RKOwens4 said:Homework Statement
The title really says it all. Find the area of the region inside r=6sin(theta) but outside r=3.
Homework Equations
The Attempt at a Solution
I first found the x values where the two curves intersect and came up with .52359877 and 2.61799388. I then integrated 6sin(theta) (or, -6cos(theta)) from .52359877 to 2.61799388. The answer I got was 10.3923, but that's incorrect.
In polar coordinates, r represents the distance from the origin and theta represents the angle. Therefore, r=6sin(theta) is a polar equation that describes a circle with a radius of 6 units centered at the origin, and r=3 describes a smaller circle with a radius of 3 units also centered at the origin.
The area inside r=6sin(theta) but outside r=3 is the area of the annulus (or ring) formed by the two circles. This can be calculated by subtracting the area of the smaller circle from the area of the larger circle, which gives an area of 27π square units.
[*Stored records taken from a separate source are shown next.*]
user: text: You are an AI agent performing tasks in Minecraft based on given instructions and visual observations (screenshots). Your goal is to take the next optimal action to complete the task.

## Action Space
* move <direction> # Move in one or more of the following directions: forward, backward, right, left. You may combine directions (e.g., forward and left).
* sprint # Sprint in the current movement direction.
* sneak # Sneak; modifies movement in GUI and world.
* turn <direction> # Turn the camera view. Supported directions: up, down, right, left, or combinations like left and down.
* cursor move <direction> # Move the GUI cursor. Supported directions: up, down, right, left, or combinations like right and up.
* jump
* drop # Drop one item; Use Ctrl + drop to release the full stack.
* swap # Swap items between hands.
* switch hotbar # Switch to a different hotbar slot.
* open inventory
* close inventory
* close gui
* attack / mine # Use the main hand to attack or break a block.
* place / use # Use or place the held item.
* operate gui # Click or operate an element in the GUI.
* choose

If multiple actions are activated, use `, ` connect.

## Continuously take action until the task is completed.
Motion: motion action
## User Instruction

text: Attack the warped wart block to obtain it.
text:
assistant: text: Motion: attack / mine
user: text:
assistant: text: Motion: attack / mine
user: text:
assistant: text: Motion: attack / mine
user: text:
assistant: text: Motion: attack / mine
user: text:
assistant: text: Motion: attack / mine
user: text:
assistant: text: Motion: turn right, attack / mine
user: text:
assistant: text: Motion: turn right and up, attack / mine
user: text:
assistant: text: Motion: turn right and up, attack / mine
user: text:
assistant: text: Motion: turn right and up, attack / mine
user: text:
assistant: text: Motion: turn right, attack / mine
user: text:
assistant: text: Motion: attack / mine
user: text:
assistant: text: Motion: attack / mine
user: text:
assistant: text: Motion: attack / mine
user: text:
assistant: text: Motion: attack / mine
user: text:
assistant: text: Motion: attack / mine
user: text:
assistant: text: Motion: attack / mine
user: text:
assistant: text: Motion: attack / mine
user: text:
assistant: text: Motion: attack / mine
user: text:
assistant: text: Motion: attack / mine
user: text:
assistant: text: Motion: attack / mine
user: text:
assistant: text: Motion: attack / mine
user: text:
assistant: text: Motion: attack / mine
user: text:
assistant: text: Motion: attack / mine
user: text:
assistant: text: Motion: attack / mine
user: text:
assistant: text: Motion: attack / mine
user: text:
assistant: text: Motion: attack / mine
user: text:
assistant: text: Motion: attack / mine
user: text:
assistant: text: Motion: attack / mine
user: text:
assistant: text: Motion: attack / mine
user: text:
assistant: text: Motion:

The area of a circle is given by the formula A=πr^2, where r is the radius. To calculate the area of the annulus, we can use the formula A=π(R^2-r^2), where R is the radius of the larger circle and r is the radius of the smaller circle. In this case, R=6 and r=3, so the area is A=π(36-9)=27π square units.
The values of r=6sin(theta) and r=3 represent the radii of the two circles that make up the annulus. These values determine the size and shape of the annulus and are important in calculating the area and other properties of the region.
Yes, this equation can be applied to other shapes or regions that can be described using polar coordinates. However, the specific values of r=6sin(theta) and r=3 will change for different shapes or regions. The concept of finding the area inside one shape but outside another can also be applied to other coordinate systems, such as Cartesian coordinates.